Task material Start Marker

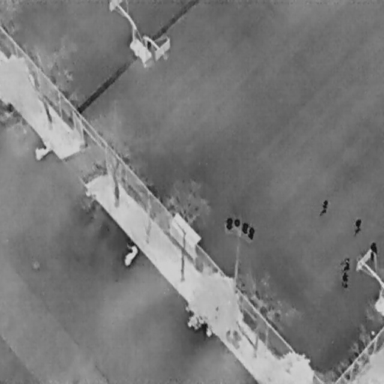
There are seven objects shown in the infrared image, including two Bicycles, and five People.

Task material End Marker
Task material Start Marker

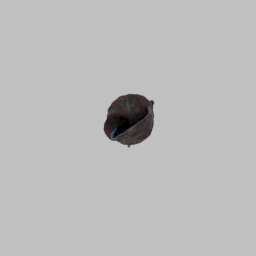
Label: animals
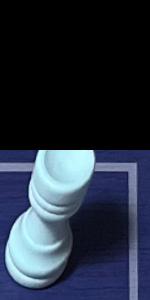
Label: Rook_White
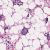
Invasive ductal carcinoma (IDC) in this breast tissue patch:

Task material End Marker
Task material Start Marker

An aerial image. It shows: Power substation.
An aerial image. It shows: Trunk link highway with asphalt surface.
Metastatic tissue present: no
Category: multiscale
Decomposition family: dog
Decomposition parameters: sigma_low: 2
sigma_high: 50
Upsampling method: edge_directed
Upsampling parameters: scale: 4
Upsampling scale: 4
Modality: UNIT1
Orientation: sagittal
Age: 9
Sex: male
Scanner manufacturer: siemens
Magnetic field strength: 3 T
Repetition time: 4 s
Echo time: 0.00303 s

Task material End Marker

### The problem
Beginning with the line that has "Scanner manufacturer: siemens" and ending with the line that has "Echo time: 0.00303 s", set down the lines above exactly and include no others.

### Completed task
Scanner manufacturer: siemens
Magnetic field strength: 3 T
Repetition time: 4 s
Echo time: 0.00303 s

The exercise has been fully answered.